When evaluating a machine learning model, a classification report is generated. In classification reports, you will see the following metrics. It has become one of the rare model output metrics that people (including me) working machine learning constantly sees but cannot remember their meanings :) You can always go back to this page or any page you find useful to see the meaning of those metrics.

Precision = TP / (TP + FP)

Measures how many of the predicted positives are actually correct. High precision means fewer false positives.

Recall = TP / (TP + FN)

Measures how many of the actual positives were correctly predicted. High recall means fewer false negatives.

F1 = 2 × (Precision × Recall) / (Precision + Recall)

Harmonic mean of precision and recall. A balanced measure, especially useful if there is an imbalance between precision and recall.

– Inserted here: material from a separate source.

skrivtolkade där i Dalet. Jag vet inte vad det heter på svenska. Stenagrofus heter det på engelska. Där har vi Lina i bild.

Support is the number of actual instances for each class in y_test. It tells us how many test samples belong to each class.

Deliverables

5.1. Use a SVM model to recognize handwritten digits (Divide the data: 80% for training the model, and 20% for testing the model).
5.2. After the model is trained, show the classification report and the confusion matrix
5.3. Explain what the confusion matrix tells us about the model’s performance.

Submitting your Work

Once you have completed the questions, save your Jupyter notebook. You can then download the notebook and submit it to Gradescope.

Items to submit

firstname_lastname_project1.ipynb

You must double check your .ipynb after submitting it in gradescope. A very common mistake is to assume that your .ipynb file has been rendered properly and contains your code, markdown, and code output even though it may not. Please take the time to double check your work. See here for instructions on how to double check this.

You will not receive full credit if your .ipynb file does not contain all of the information you expect it to, or if it does not render properly in Gradescope. Please ask a TA if you need help with this.